In 1977, the Indian Arts and Crafts Board completed an extensive renovation of the museum, allowing more space for the permanent collection and traveling exhibits from other tribal people from throughout the United States. That same year, the museum launched a partnership with Oklahoma schools to offer free educational tours for groups of students wishing to study Plains cultures. Another major renovation was completed in 2001, to add the Rosemary Ellison Gallery to the museum space at a cost of $1 million. Featured in the permanent collection of the museum are works by Blackbear Bosin (Comanche/Kiowa), T.C. Cannon (Kiowa/Caddo), Mildred Cleghorn (Fort Sill Apache), Amanda Crowe (Eastern Cherokee), Sharron Ahtone Harjo (Kiowa), Jack Hokeah (Kiowa), Allan Houser (Apache), Solomon McCombs (Muscogee (Creek)), Stephen Mopope (Kiowa), Georgeann Robinson (Osage), Mary Tiger (Seminole), Dick West (Southern Cheyenne), and David E. Williams (Kiowa/Tonkawa/Plains Apache), among others.

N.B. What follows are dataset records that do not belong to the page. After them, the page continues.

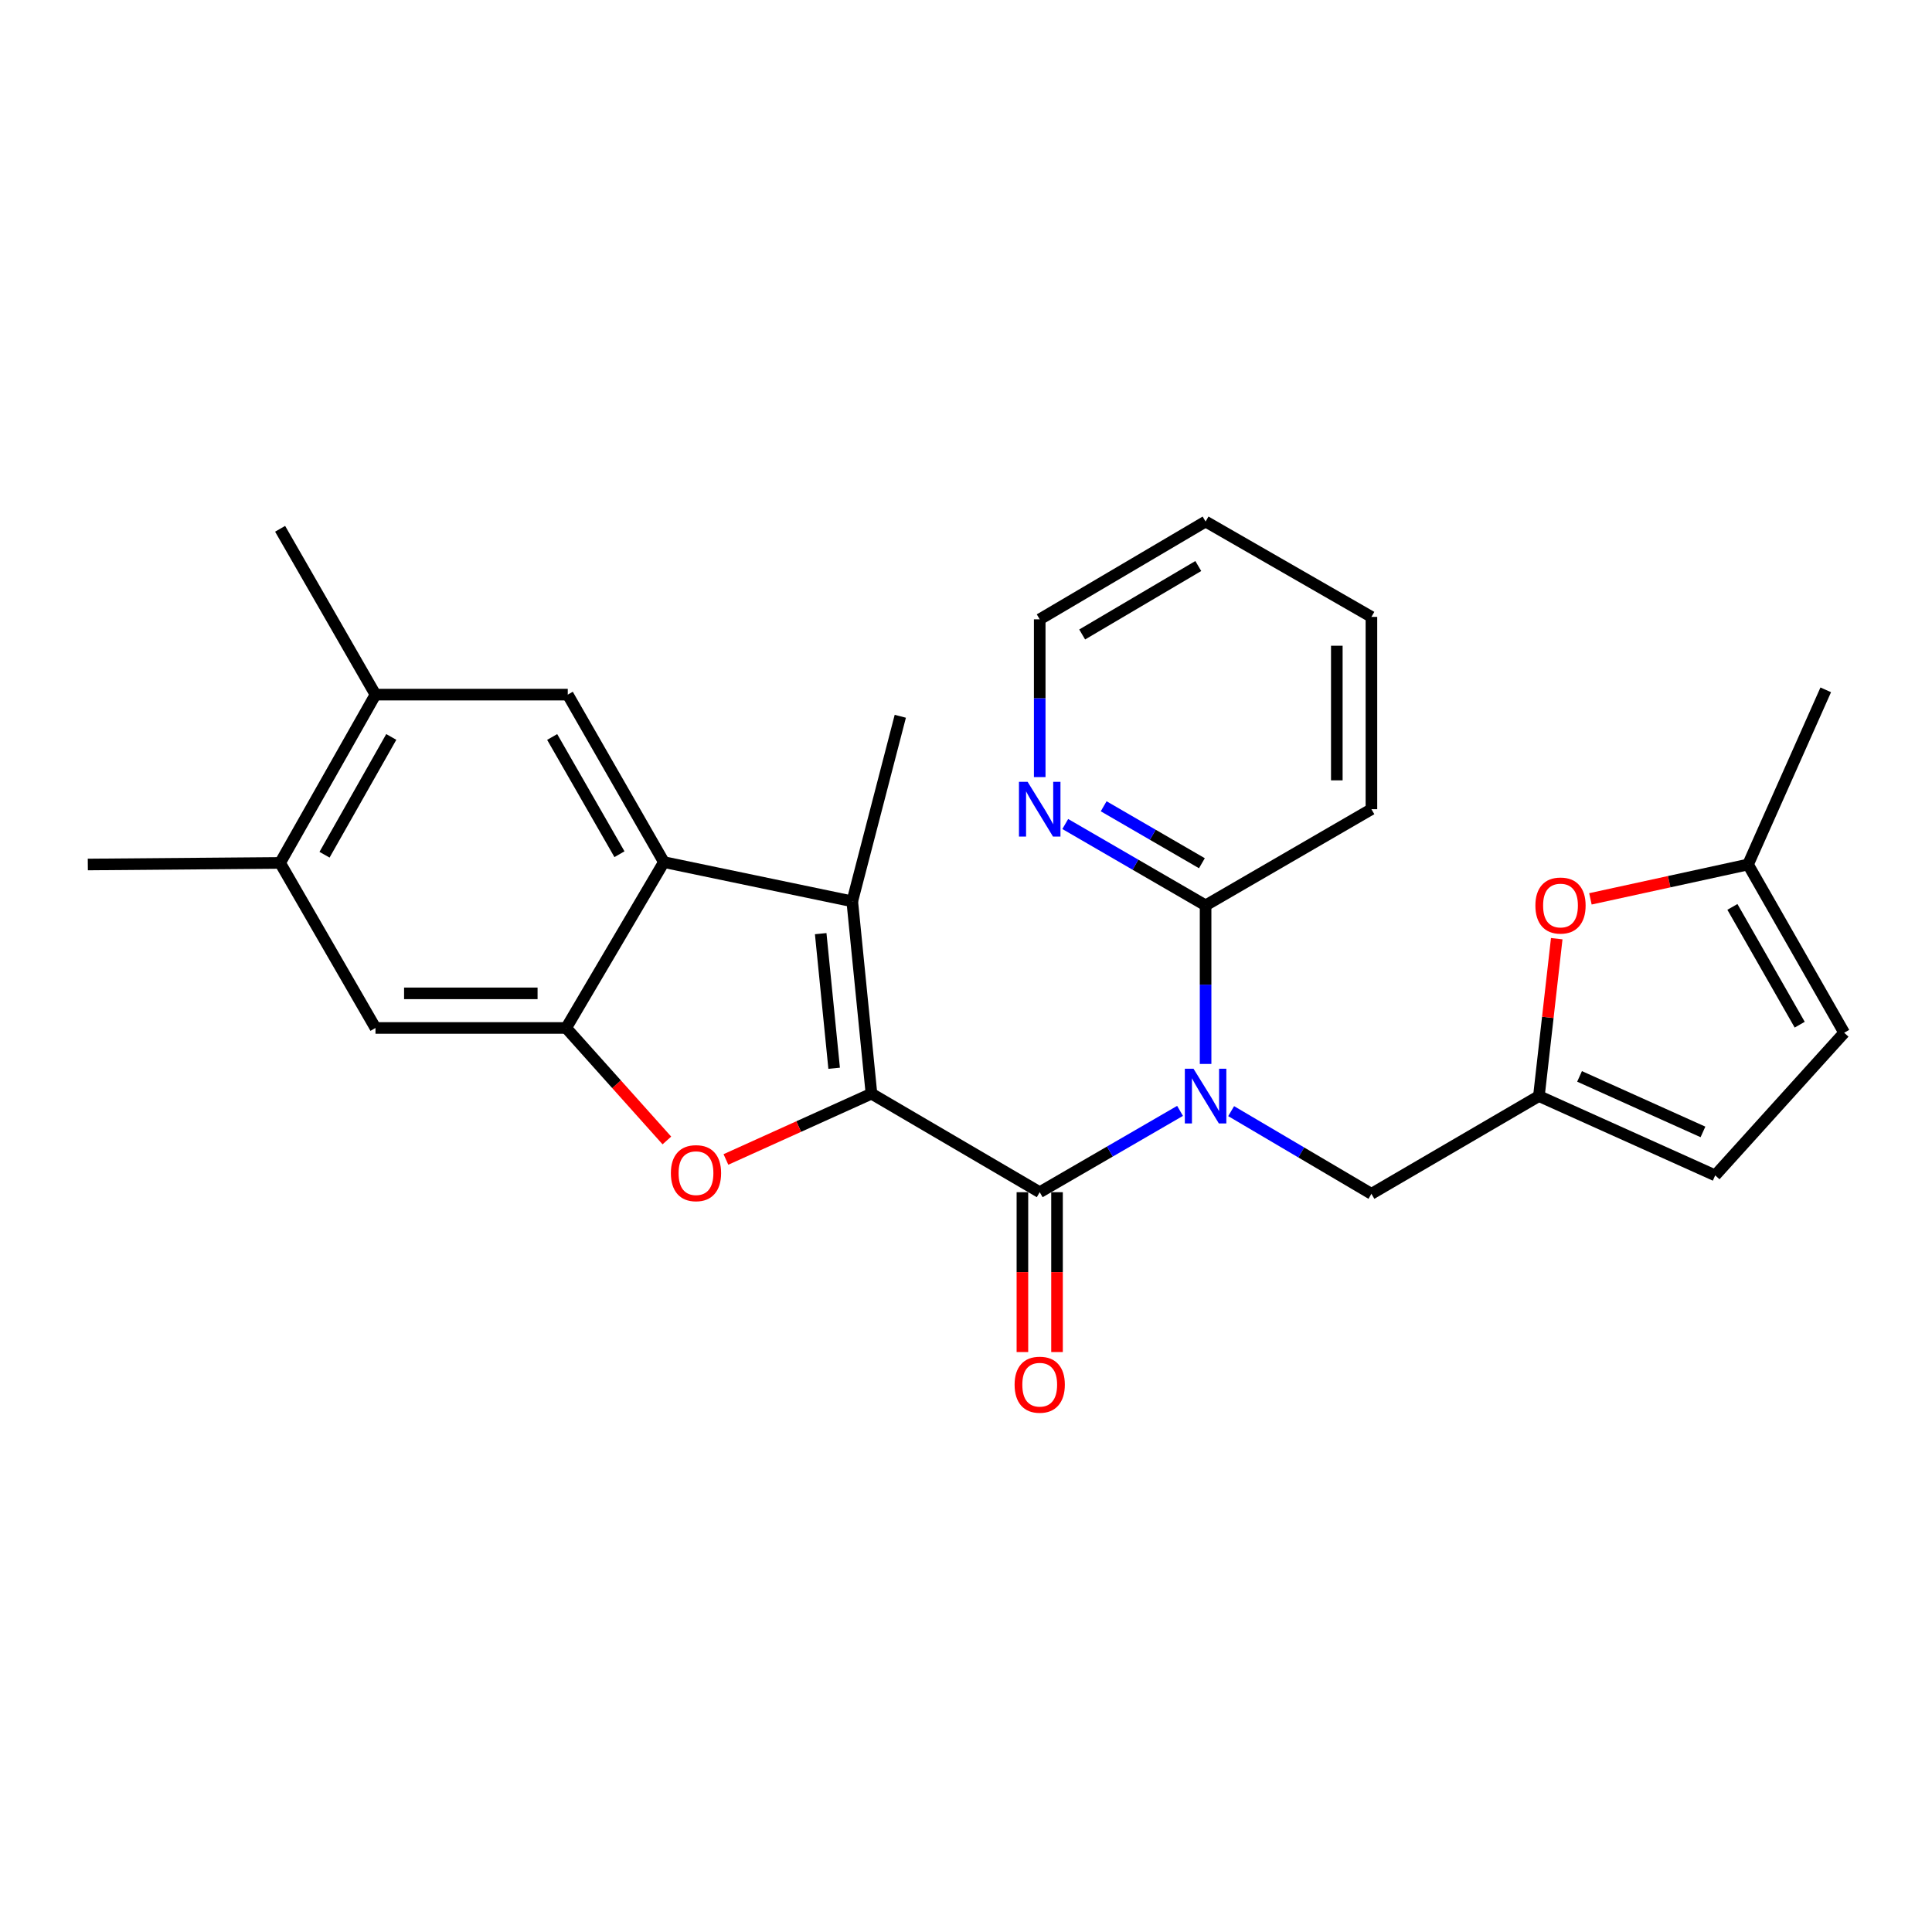 <?xml version='1.0' encoding='iso-8859-1'?>
<svg version='1.1' baseProfile='full'
              xmlns='http://www.w3.org/2000/svg'
                      xmlns:rdkit='http://www.rdkit.org/xml'
                      xmlns:xlink='http://www.w3.org/1999/xlink'
                  xml:space='preserve'
width='1000px' height='1000px' viewBox='0 0 1000 1000'>
<!-- END OF HEADER -->
<rect style='opacity:1.0;fill:#FFFFFF;stroke:none' width='1000' height='1000' x='0' y='0'> </rect>
<path class='bond-0' d='M 451.066,566.079 L 538.156,617.083' style='fill:none;fill-rule:evenodd;stroke:#000000;stroke-width:6px;stroke-linecap:butt;stroke-linejoin:miter;stroke-opacity:1' />
<path class='bond-1' d='M 451.066,566.079 L 413.401,583.108' style='fill:none;fill-rule:evenodd;stroke:#000000;stroke-width:6px;stroke-linecap:butt;stroke-linejoin:miter;stroke-opacity:1' />
<path class='bond-1' d='M 413.401,583.108 L 375.737,600.137' style='fill:none;fill-rule:evenodd;stroke:#FF0000;stroke-width:6px;stroke-linecap:butt;stroke-linejoin:miter;stroke-opacity:1' />
<path class='bond-2' d='M 451.066,566.079 L 441.124,466.54' style='fill:none;fill-rule:evenodd;stroke:#000000;stroke-width:6px;stroke-linecap:butt;stroke-linejoin:miter;stroke-opacity:1' />
<path class='bond-2' d='M 431.75,552.929 L 424.791,483.251' style='fill:none;fill-rule:evenodd;stroke:#000000;stroke-width:6px;stroke-linecap:butt;stroke-linejoin:miter;stroke-opacity:1' />
<path class='bond-3' d='M 538.156,617.083 L 574.473,596.035' style='fill:none;fill-rule:evenodd;stroke:#000000;stroke-width:6px;stroke-linecap:butt;stroke-linejoin:miter;stroke-opacity:1' />
<path class='bond-3' d='M 574.473,596.035 L 610.79,574.986' style='fill:none;fill-rule:evenodd;stroke:#0000FF;stroke-width:6px;stroke-linecap:butt;stroke-linejoin:miter;stroke-opacity:1' />
<path class='bond-17' d='M 529.199,617.083 L 529.199,658.454' style='fill:none;fill-rule:evenodd;stroke:#000000;stroke-width:6px;stroke-linecap:butt;stroke-linejoin:miter;stroke-opacity:1' />
<path class='bond-17' d='M 529.199,658.454 L 529.199,699.824' style='fill:none;fill-rule:evenodd;stroke:#FF0000;stroke-width:6px;stroke-linecap:butt;stroke-linejoin:miter;stroke-opacity:1' />
<path class='bond-17' d='M 547.113,617.083 L 547.113,658.454' style='fill:none;fill-rule:evenodd;stroke:#000000;stroke-width:6px;stroke-linecap:butt;stroke-linejoin:miter;stroke-opacity:1' />
<path class='bond-17' d='M 547.113,658.454 L 547.113,699.824' style='fill:none;fill-rule:evenodd;stroke:#FF0000;stroke-width:6px;stroke-linecap:butt;stroke-linejoin:miter;stroke-opacity:1' />
<path class='bond-5' d='M 345.172,590.303 L 319.11,561.188' style='fill:none;fill-rule:evenodd;stroke:#FF0000;stroke-width:6px;stroke-linecap:butt;stroke-linejoin:miter;stroke-opacity:1' />
<path class='bond-5' d='M 319.11,561.188 L 293.049,532.074' style='fill:none;fill-rule:evenodd;stroke:#000000;stroke-width:6px;stroke-linecap:butt;stroke-linejoin:miter;stroke-opacity:1' />
<path class='bond-4' d='M 441.124,466.54 L 343.635,446.228' style='fill:none;fill-rule:evenodd;stroke:#000000;stroke-width:6px;stroke-linecap:butt;stroke-linejoin:miter;stroke-opacity:1' />
<path class='bond-19' d='M 441.124,466.54 L 465.994,370.743' style='fill:none;fill-rule:evenodd;stroke:#000000;stroke-width:6px;stroke-linecap:butt;stroke-linejoin:miter;stroke-opacity:1' />
<path class='bond-8' d='M 624.011,550.696 L 624.011,509.658' style='fill:none;fill-rule:evenodd;stroke:#0000FF;stroke-width:6px;stroke-linecap:butt;stroke-linejoin:miter;stroke-opacity:1' />
<path class='bond-8' d='M 624.011,509.658 L 624.011,468.62' style='fill:none;fill-rule:evenodd;stroke:#000000;stroke-width:6px;stroke-linecap:butt;stroke-linejoin:miter;stroke-opacity:1' />
<path class='bond-11' d='M 637.242,575.122 L 673.545,596.521' style='fill:none;fill-rule:evenodd;stroke:#0000FF;stroke-width:6px;stroke-linecap:butt;stroke-linejoin:miter;stroke-opacity:1' />
<path class='bond-11' d='M 673.545,596.521 L 709.847,617.919' style='fill:none;fill-rule:evenodd;stroke:#000000;stroke-width:6px;stroke-linecap:butt;stroke-linejoin:miter;stroke-opacity:1' />
<path class='bond-6' d='M 343.635,446.228 L 293.875,359.537' style='fill:none;fill-rule:evenodd;stroke:#000000;stroke-width:6px;stroke-linecap:butt;stroke-linejoin:miter;stroke-opacity:1' />
<path class='bond-6' d='M 320.635,442.142 L 285.803,381.458' style='fill:none;fill-rule:evenodd;stroke:#000000;stroke-width:6px;stroke-linecap:butt;stroke-linejoin:miter;stroke-opacity:1' />
<path class='bond-27' d='M 343.635,446.228 L 293.049,532.074' style='fill:none;fill-rule:evenodd;stroke:#000000;stroke-width:6px;stroke-linecap:butt;stroke-linejoin:miter;stroke-opacity:1' />
<path class='bond-10' d='M 293.049,532.074 L 194.346,532.074' style='fill:none;fill-rule:evenodd;stroke:#000000;stroke-width:6px;stroke-linecap:butt;stroke-linejoin:miter;stroke-opacity:1' />
<path class='bond-10' d='M 278.244,514.16 L 209.151,514.16' style='fill:none;fill-rule:evenodd;stroke:#000000;stroke-width:6px;stroke-linecap:butt;stroke-linejoin:miter;stroke-opacity:1' />
<path class='bond-12' d='M 293.875,359.537 L 194.346,359.537' style='fill:none;fill-rule:evenodd;stroke:#000000;stroke-width:6px;stroke-linecap:butt;stroke-linejoin:miter;stroke-opacity:1' />
<path class='bond-7' d='M 796.538,567.323 L 709.847,617.919' style='fill:none;fill-rule:evenodd;stroke:#000000;stroke-width:6px;stroke-linecap:butt;stroke-linejoin:miter;stroke-opacity:1' />
<path class='bond-9' d='M 796.538,567.323 L 801.15,526.593' style='fill:none;fill-rule:evenodd;stroke:#000000;stroke-width:6px;stroke-linecap:butt;stroke-linejoin:miter;stroke-opacity:1' />
<path class='bond-9' d='M 801.15,526.593 L 805.762,485.863' style='fill:none;fill-rule:evenodd;stroke:#FF0000;stroke-width:6px;stroke-linecap:butt;stroke-linejoin:miter;stroke-opacity:1' />
<path class='bond-15' d='M 796.538,567.323 L 887.788,608.375' style='fill:none;fill-rule:evenodd;stroke:#000000;stroke-width:6px;stroke-linecap:butt;stroke-linejoin:miter;stroke-opacity:1' />
<path class='bond-15' d='M 817.575,557.145 L 881.45,585.881' style='fill:none;fill-rule:evenodd;stroke:#000000;stroke-width:6px;stroke-linecap:butt;stroke-linejoin:miter;stroke-opacity:1' />
<path class='bond-18' d='M 624.011,468.62 L 587.694,447.563' style='fill:none;fill-rule:evenodd;stroke:#000000;stroke-width:6px;stroke-linecap:butt;stroke-linejoin:miter;stroke-opacity:1' />
<path class='bond-18' d='M 587.694,447.563 L 551.377,426.506' style='fill:none;fill-rule:evenodd;stroke:#0000FF;stroke-width:6px;stroke-linecap:butt;stroke-linejoin:miter;stroke-opacity:1' />
<path class='bond-18' d='M 622.101,446.806 L 596.679,432.066' style='fill:none;fill-rule:evenodd;stroke:#000000;stroke-width:6px;stroke-linecap:butt;stroke-linejoin:miter;stroke-opacity:1' />
<path class='bond-18' d='M 596.679,432.066 L 571.257,417.326' style='fill:none;fill-rule:evenodd;stroke:#0000FF;stroke-width:6px;stroke-linecap:butt;stroke-linejoin:miter;stroke-opacity:1' />
<path class='bond-20' d='M 624.011,468.62 L 709.847,418.84' style='fill:none;fill-rule:evenodd;stroke:#000000;stroke-width:6px;stroke-linecap:butt;stroke-linejoin:miter;stroke-opacity:1' />
<path class='bond-14' d='M 823.198,465.245 L 863.987,456.354' style='fill:none;fill-rule:evenodd;stroke:#FF0000;stroke-width:6px;stroke-linecap:butt;stroke-linejoin:miter;stroke-opacity:1' />
<path class='bond-14' d='M 863.987,456.354 L 904.776,447.462' style='fill:none;fill-rule:evenodd;stroke:#000000;stroke-width:6px;stroke-linecap:butt;stroke-linejoin:miter;stroke-opacity:1' />
<path class='bond-13' d='M 194.346,532.074 L 144.984,446.646' style='fill:none;fill-rule:evenodd;stroke:#000000;stroke-width:6px;stroke-linecap:butt;stroke-linejoin:miter;stroke-opacity:1' />
<path class='bond-21' d='M 194.346,359.537 L 144.984,273.701' style='fill:none;fill-rule:evenodd;stroke:#000000;stroke-width:6px;stroke-linecap:butt;stroke-linejoin:miter;stroke-opacity:1' />
<path class='bond-28' d='M 194.346,359.537 L 144.984,446.646' style='fill:none;fill-rule:evenodd;stroke:#000000;stroke-width:6px;stroke-linecap:butt;stroke-linejoin:miter;stroke-opacity:1' />
<path class='bond-28' d='M 202.527,381.435 L 167.973,442.411' style='fill:none;fill-rule:evenodd;stroke:#000000;stroke-width:6px;stroke-linecap:butt;stroke-linejoin:miter;stroke-opacity:1' />
<path class='bond-22' d='M 144.984,446.646 L 45.455,447.462' style='fill:none;fill-rule:evenodd;stroke:#000000;stroke-width:6px;stroke-linecap:butt;stroke-linejoin:miter;stroke-opacity:1' />
<path class='bond-24' d='M 904.776,447.462 L 945.002,357.059' style='fill:none;fill-rule:evenodd;stroke:#000000;stroke-width:6px;stroke-linecap:butt;stroke-linejoin:miter;stroke-opacity:1' />
<path class='bond-29' d='M 904.776,447.462 L 954.545,534.552' style='fill:none;fill-rule:evenodd;stroke:#000000;stroke-width:6px;stroke-linecap:butt;stroke-linejoin:miter;stroke-opacity:1' />
<path class='bond-29' d='M 896.688,469.414 L 931.527,530.376' style='fill:none;fill-rule:evenodd;stroke:#000000;stroke-width:6px;stroke-linecap:butt;stroke-linejoin:miter;stroke-opacity:1' />
<path class='bond-16' d='M 887.788,608.375 L 954.545,534.552' style='fill:none;fill-rule:evenodd;stroke:#000000;stroke-width:6px;stroke-linecap:butt;stroke-linejoin:miter;stroke-opacity:1' />
<path class='bond-23' d='M 538.156,402.223 L 538.156,361.394' style='fill:none;fill-rule:evenodd;stroke:#0000FF;stroke-width:6px;stroke-linecap:butt;stroke-linejoin:miter;stroke-opacity:1' />
<path class='bond-23' d='M 538.156,361.394 L 538.156,320.565' style='fill:none;fill-rule:evenodd;stroke:#000000;stroke-width:6px;stroke-linecap:butt;stroke-linejoin:miter;stroke-opacity:1' />
<path class='bond-25' d='M 709.847,418.84 L 709.847,319.301' style='fill:none;fill-rule:evenodd;stroke:#000000;stroke-width:6px;stroke-linecap:butt;stroke-linejoin:miter;stroke-opacity:1' />
<path class='bond-25' d='M 691.933,403.909 L 691.933,334.232' style='fill:none;fill-rule:evenodd;stroke:#000000;stroke-width:6px;stroke-linecap:butt;stroke-linejoin:miter;stroke-opacity:1' />
<path class='bond-30' d='M 538.156,320.565 L 624.011,269.949' style='fill:none;fill-rule:evenodd;stroke:#000000;stroke-width:6px;stroke-linecap:butt;stroke-linejoin:miter;stroke-opacity:1' />
<path class='bond-30' d='M 560.132,328.404 L 620.23,292.973' style='fill:none;fill-rule:evenodd;stroke:#000000;stroke-width:6px;stroke-linecap:butt;stroke-linejoin:miter;stroke-opacity:1' />
<path class='bond-26' d='M 709.847,319.301 L 624.011,269.949' style='fill:none;fill-rule:evenodd;stroke:#000000;stroke-width:6px;stroke-linecap:butt;stroke-linejoin:miter;stroke-opacity:1' />
<path  class='atom-2' d='M 347.245 607.221
Q 347.245 600.421, 350.605 596.621
Q 353.965 592.821, 360.245 592.821
Q 366.525 592.821, 369.885 596.621
Q 373.245 600.421, 373.245 607.221
Q 373.245 614.101, 369.845 618.021
Q 366.445 621.901, 360.245 621.901
Q 354.005 621.901, 350.605 618.021
Q 347.245 614.141, 347.245 607.221
M 360.245 618.701
Q 364.565 618.701, 366.885 615.821
Q 369.245 612.901, 369.245 607.221
Q 369.245 601.661, 366.885 598.861
Q 364.565 596.021, 360.245 596.021
Q 355.925 596.021, 353.565 598.821
Q 351.245 601.621, 351.245 607.221
Q 351.245 612.941, 353.565 615.821
Q 355.925 618.701, 360.245 618.701
' fill='#FF0000'/>
<path  class='atom-4' d='M 617.751 553.163
L 627.031 568.163
Q 627.951 569.643, 629.431 572.323
Q 630.911 575.003, 630.991 575.163
L 630.991 553.163
L 634.751 553.163
L 634.751 581.483
L 630.871 581.483
L 620.911 565.083
Q 619.751 563.163, 618.511 560.963
Q 617.311 558.763, 616.951 558.083
L 616.951 581.483
L 613.271 581.483
L 613.271 553.163
L 617.751 553.163
' fill='#0000FF'/>
<path  class='atom-10' d='M 794.714 468.7
Q 794.714 461.9, 798.074 458.1
Q 801.434 454.3, 807.714 454.3
Q 813.994 454.3, 817.354 458.1
Q 820.714 461.9, 820.714 468.7
Q 820.714 475.58, 817.314 479.5
Q 813.914 483.38, 807.714 483.38
Q 801.474 483.38, 798.074 479.5
Q 794.714 475.62, 794.714 468.7
M 807.714 480.18
Q 812.034 480.18, 814.354 477.3
Q 816.714 474.38, 816.714 468.7
Q 816.714 463.14, 814.354 460.34
Q 812.034 457.5, 807.714 457.5
Q 803.394 457.5, 801.034 460.3
Q 798.714 463.1, 798.714 468.7
Q 798.714 474.42, 801.034 477.3
Q 803.394 480.18, 807.714 480.18
' fill='#FF0000'/>
<path  class='atom-18' d='M 525.156 716.713
Q 525.156 709.913, 528.516 706.113
Q 531.876 702.313, 538.156 702.313
Q 544.436 702.313, 547.796 706.113
Q 551.156 709.913, 551.156 716.713
Q 551.156 723.593, 547.756 727.513
Q 544.356 731.393, 538.156 731.393
Q 531.916 731.393, 528.516 727.513
Q 525.156 723.633, 525.156 716.713
M 538.156 728.193
Q 542.476 728.193, 544.796 725.313
Q 547.156 722.393, 547.156 716.713
Q 547.156 711.153, 544.796 708.353
Q 542.476 705.513, 538.156 705.513
Q 533.836 705.513, 531.476 708.313
Q 529.156 711.113, 529.156 716.713
Q 529.156 722.433, 531.476 725.313
Q 533.836 728.193, 538.156 728.193
' fill='#FF0000'/>
<path  class='atom-19' d='M 531.896 404.68
L 541.176 419.68
Q 542.096 421.16, 543.576 423.84
Q 545.056 426.52, 545.136 426.68
L 545.136 404.68
L 548.896 404.68
L 548.896 433
L 545.016 433
L 535.056 416.6
Q 533.896 414.68, 532.656 412.48
Q 531.456 410.28, 531.096 409.6
L 531.096 433
L 527.416 433
L 527.416 404.68
L 531.896 404.68
' fill='#0000FF'/>
</svg>

In 2006, the US federal government slated the museum, along with the Museum of the Plains Indian in Browning, Montana and the Sioux Indian Museum in Rapid City, South Dakota for closure. Concerned with fighting counterfeiting and misappropriation of Native heritage, the government planned to divert funding for the museums toward fraud prevention, under the American Indian Arts and Crafts Act. The Bush Administration eventually scrapped the plan to close the museums and instead increased the funding to continue operating the museums. Adjacent to the museum is a ten-acre park which houses the National Hall of Fame for Famous American Indians, depicting sculptural busts of noted Native American figures.

== Hours ==
The museum is open from Tuesdays through Fridays, 10:00 a.m. to 4:30 p.m.